▸ **Exercise instructions**: Transcribe all the entries word for word, but omit the images.

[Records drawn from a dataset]
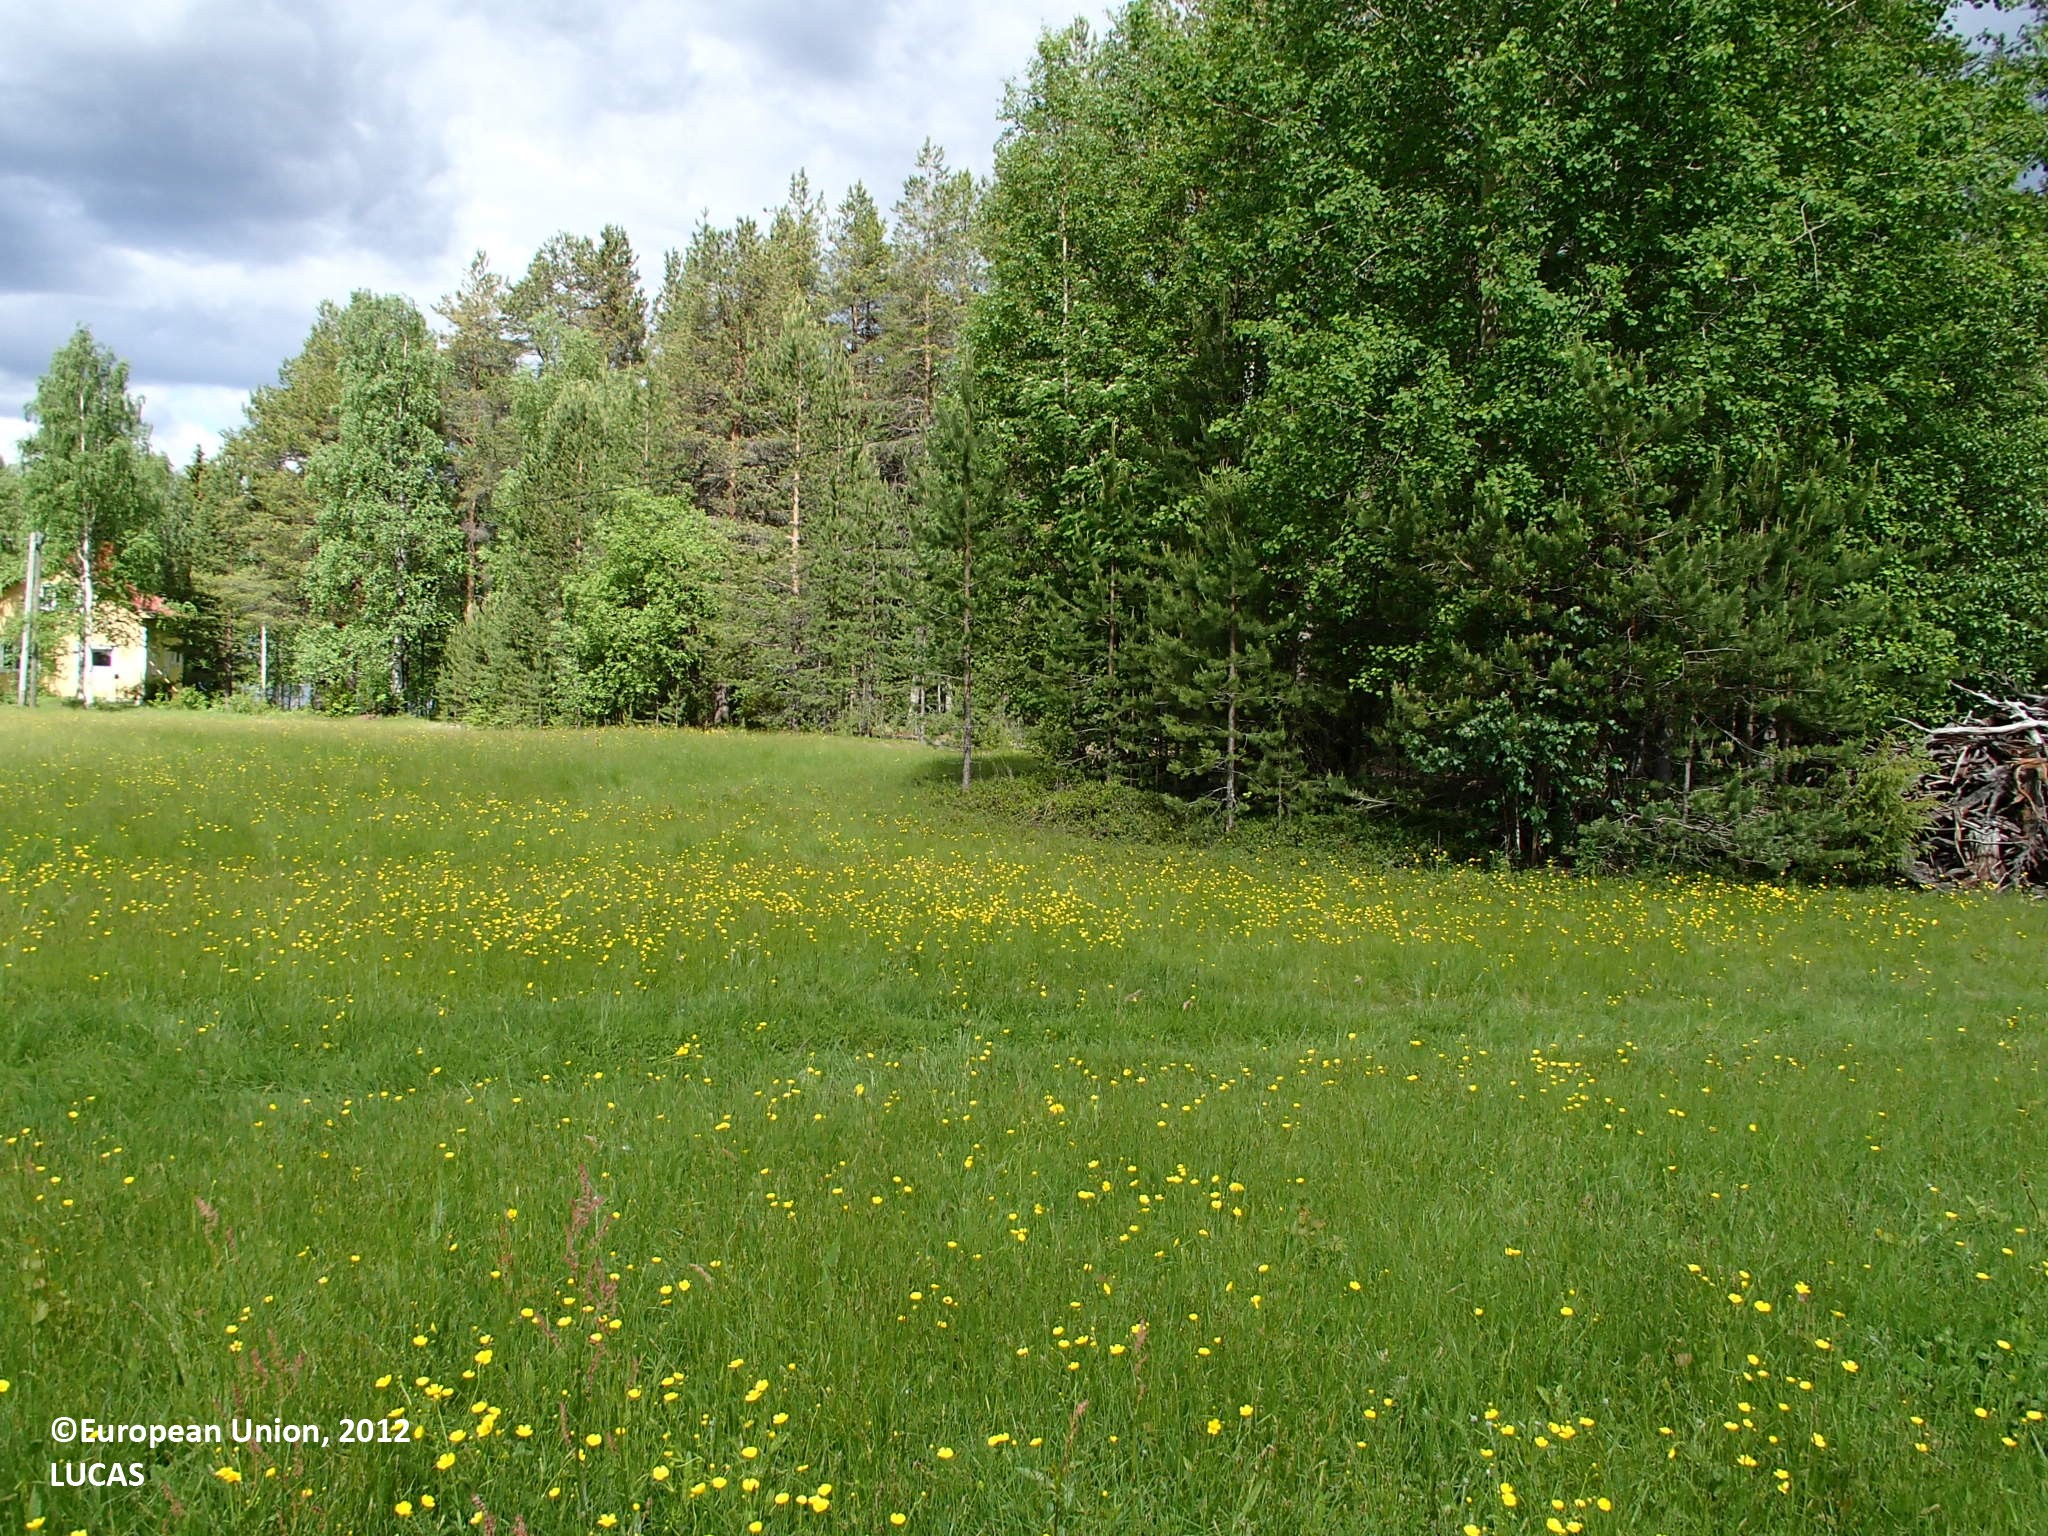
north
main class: Grassland
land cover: Grassland without tree/shrub cover
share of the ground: > 75 %
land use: Agriculture (excluding fallow land and kitchen gardens)
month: June
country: FI
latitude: 66.5173
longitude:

▸ **Response below**:
north
main class: Grassland
land cover: Grassland without tree/shrub cover
share of the ground: > 75 %
land use: Agriculture (excluding fallow land and kitchen gardens)
month: June
country: FI
latitude: 66.5173
longitude:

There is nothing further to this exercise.